Hi, I have a 1989 325i. Its in excellent condition with little to no damage with 70,000 miles. Last week, I accidentally left my light on and my battery was dead. In attempt to help me my brother tried to jump the battery. But failed terribly by accidentally putting the positive on the negative, and negative wire on the positive. There were sparks but we quickly realized our mistake and corrected it. Everything seems fine now except my stereo won't work and my check light continuously flashes, and a red light over the check engine stays on. Everything seems fine so does anyone know what maybe wrong?


----------



## kyfdx (Aug 4, 2003)

kbutler1091 said:


> Hi, I have a 1989 325i. Its in excellent condition with little to no damage with 70,000 miles. Last week, I accidentally left my light on and my battery was dead. In attempt to help me my brother tried to jump the battery. But failed terribly by accidentally putting the positive on the negative, and negative wire on the positive. There were sparks but we quickly realized our mistake and corrected it. Everything seems fine now except my stereo won't work and my check light continuously flashes, and a red light over the check engine stays on. Everything seems fine so does anyone know what maybe wrong?

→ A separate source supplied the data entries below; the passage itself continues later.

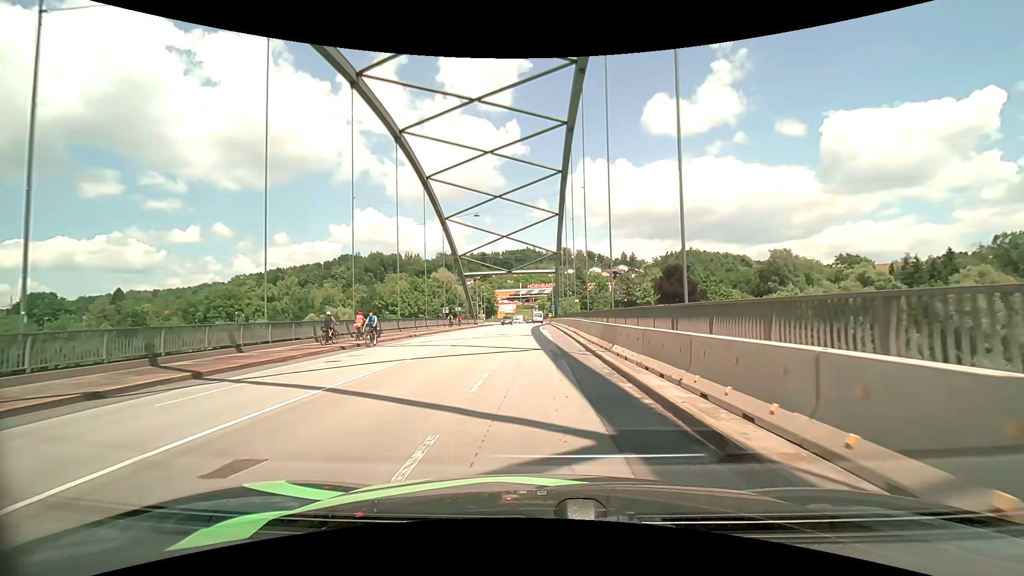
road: primary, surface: asphalt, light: Day
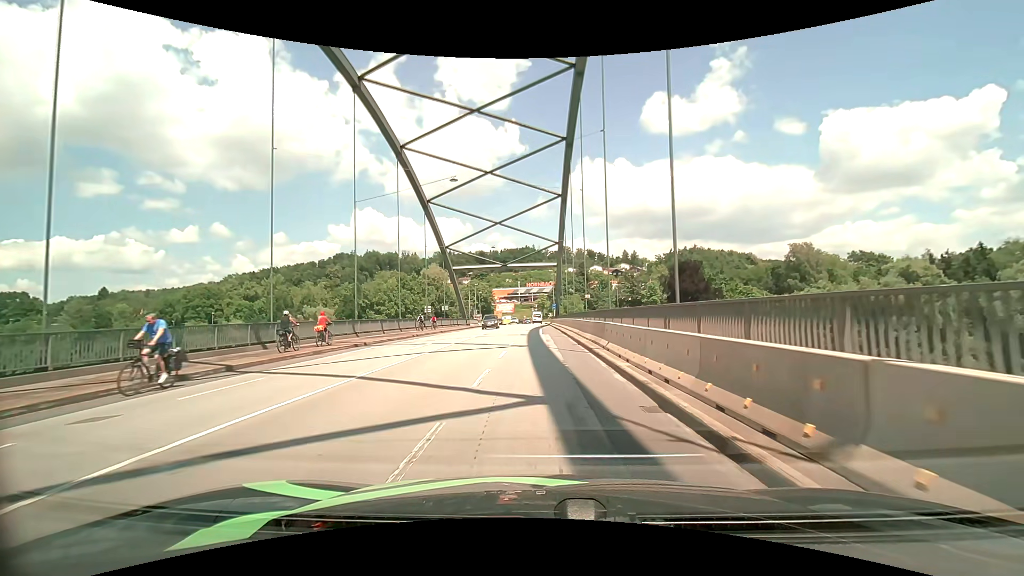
(0.0, +11.4) m; 0°
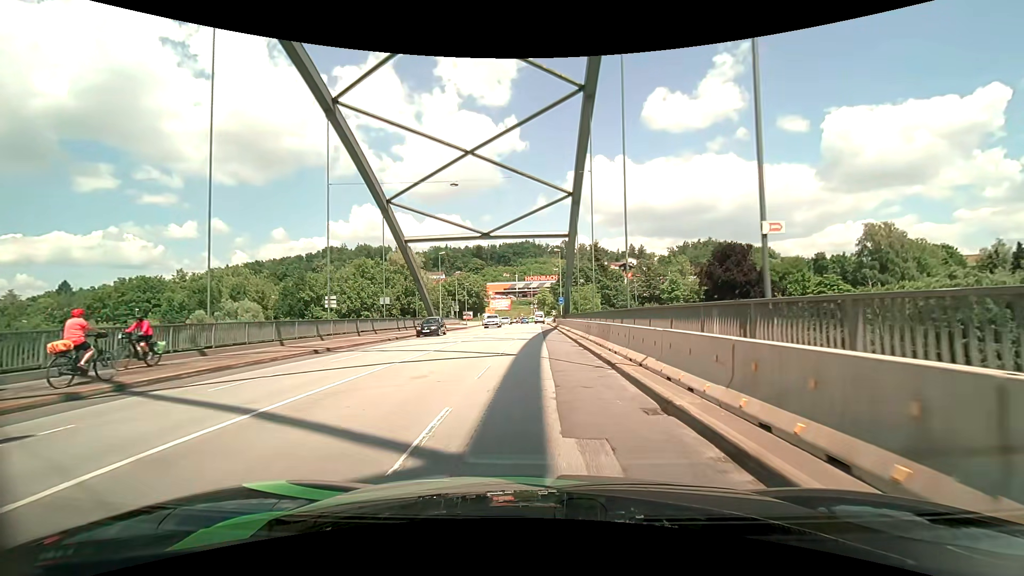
(+0.1, +29.1) m; 0°
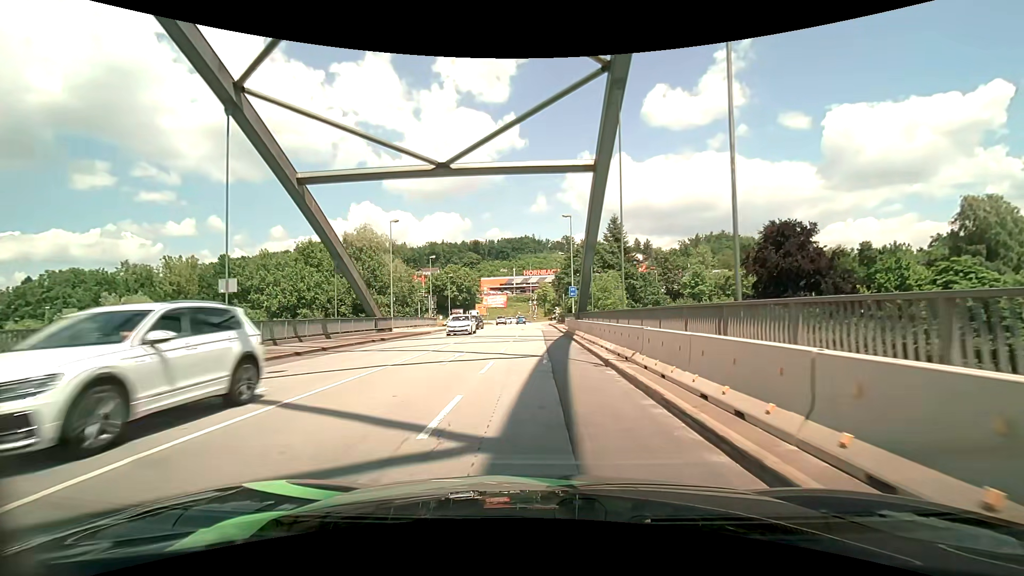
(0.0, +22.9) m; 0°
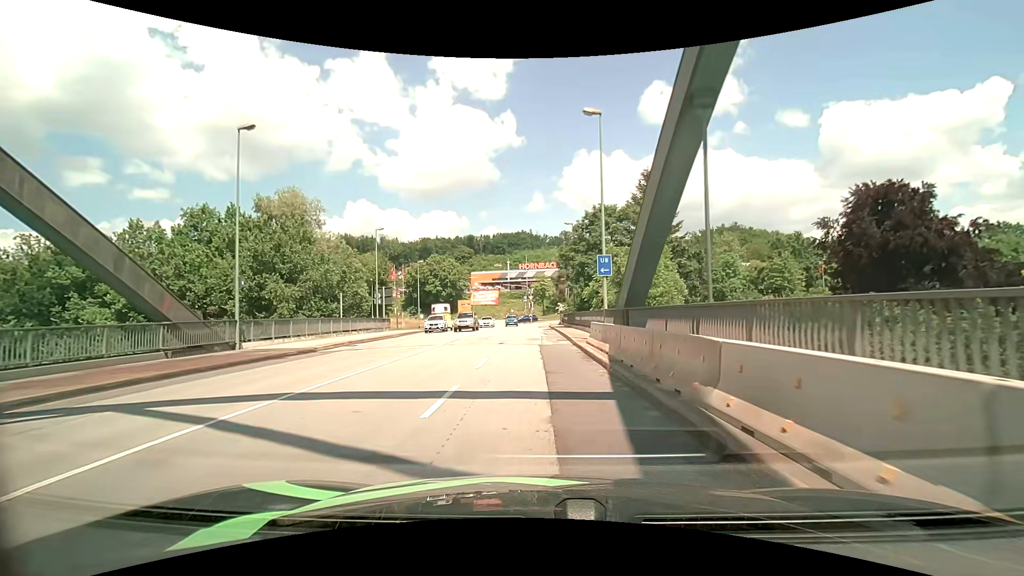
(+0.1, +23.1) m; 0°
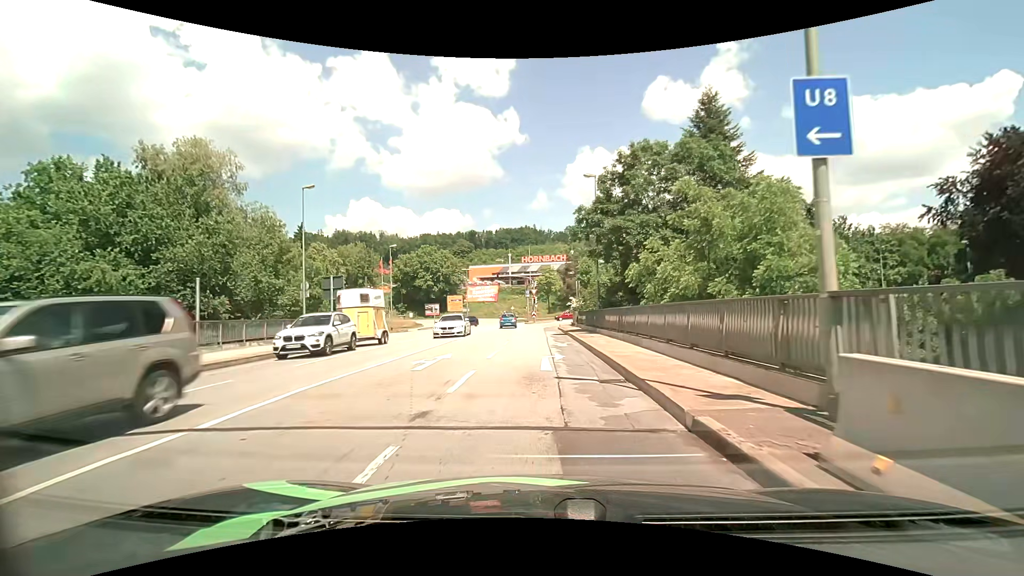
(-0.1, +16.2) m; 0°
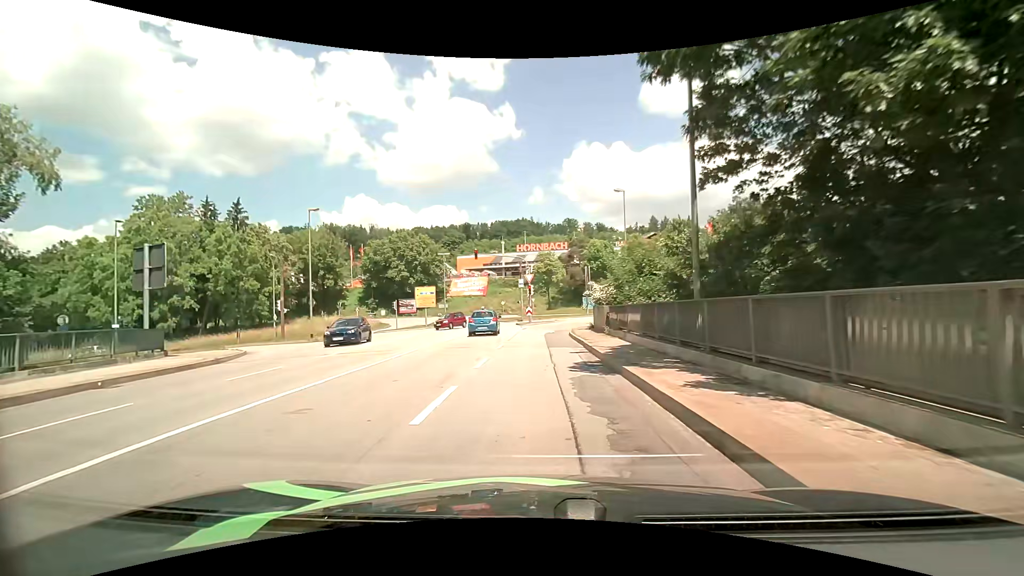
(-0.1, +20.3) m; 0°
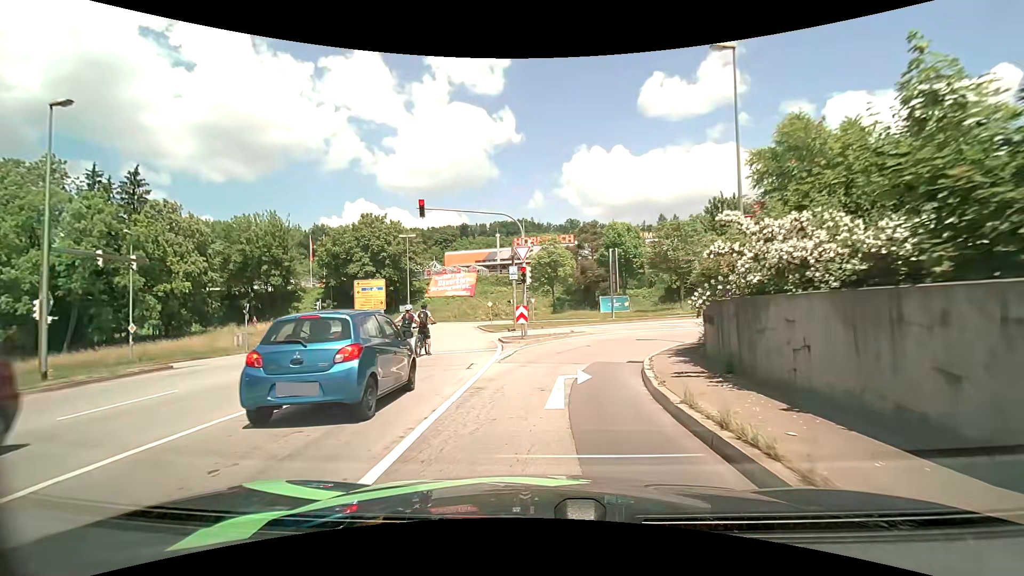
(0.0, +21.0) m; 0°
(0, +10) (+3, +20) (+10, +26) (+19, +30) (+29, +33) (+39, +35) (+49, +37) (+58, +40) (+68, +42) (+78, +44) m
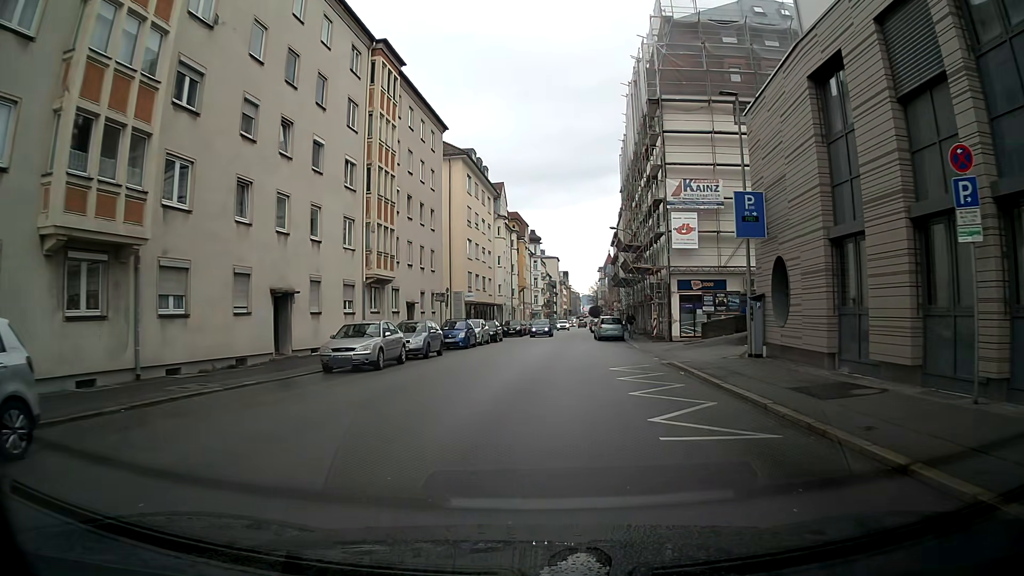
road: tertiary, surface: asphalt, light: Day
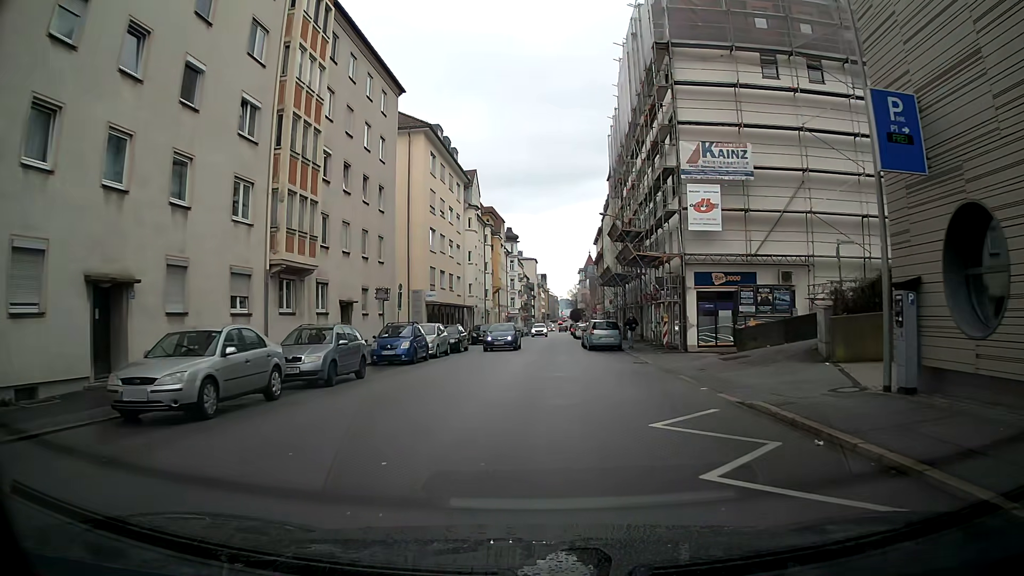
(+0.2, +9.4) m; +2°
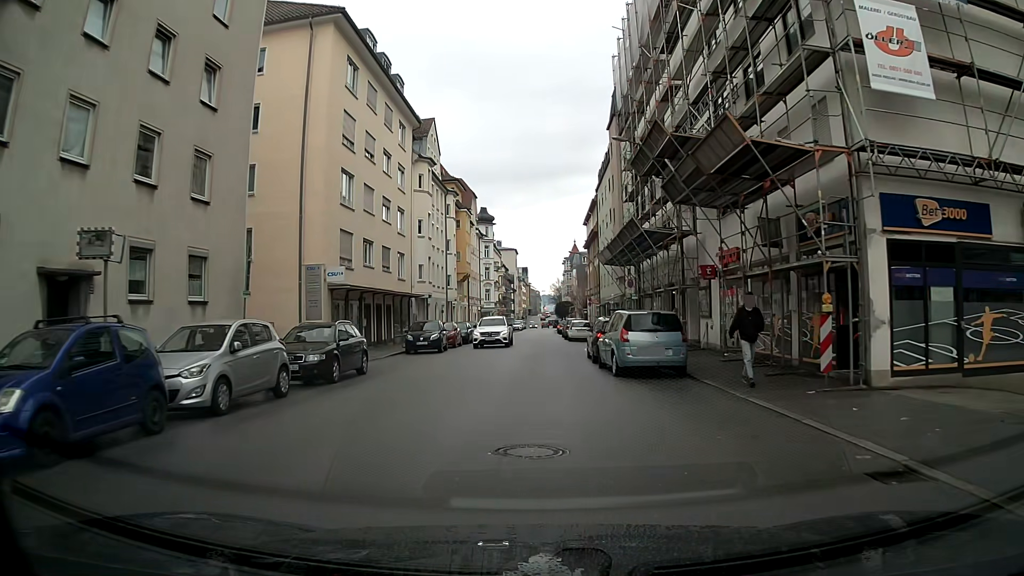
(+0.4, +18.8) m; +2°
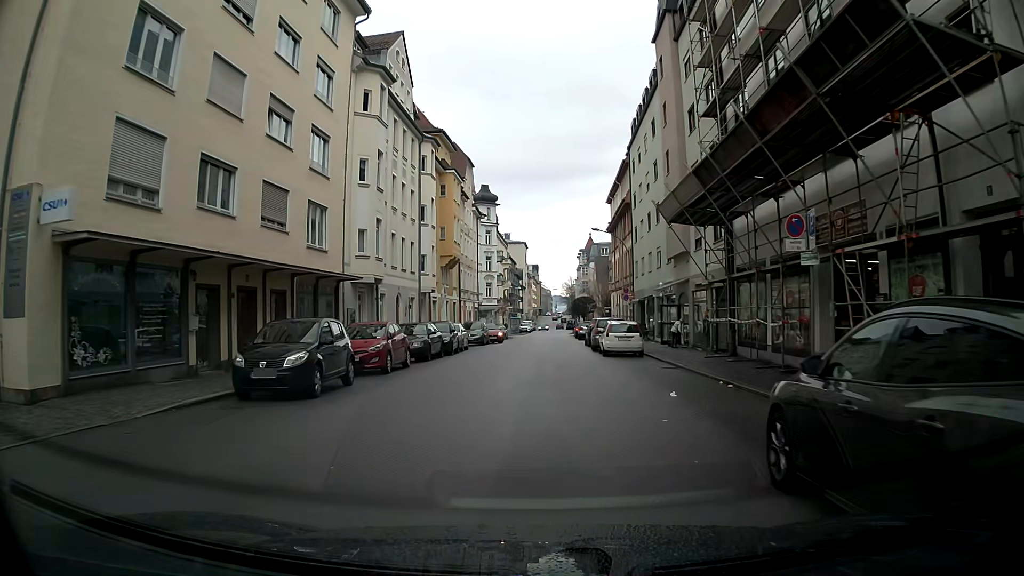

Much better chance of a response if you post in the 3-series section under E30...


----------



## ProRail (May 31, 2006)

kbutler1091 said:


> Hi, I have a 1989 325i. Its in excellent condition with little to no damage with 70,000 miles. Last week, I accidentally left my light on and my battery was dead. In attempt to help me my brother tried to jump the battery. But failed terribly by accidentally putting the positive on the negative, and negative wire on the positive. There were sparks but we quickly realized our mistake and corrected it. Everything seems fine now except my stereo won't work and my check light continuously flashes, and a red light over the check engine stays on. Everything seems fine so *does anyone know what maybe wrong?*


I think you explained it pretty well.


----------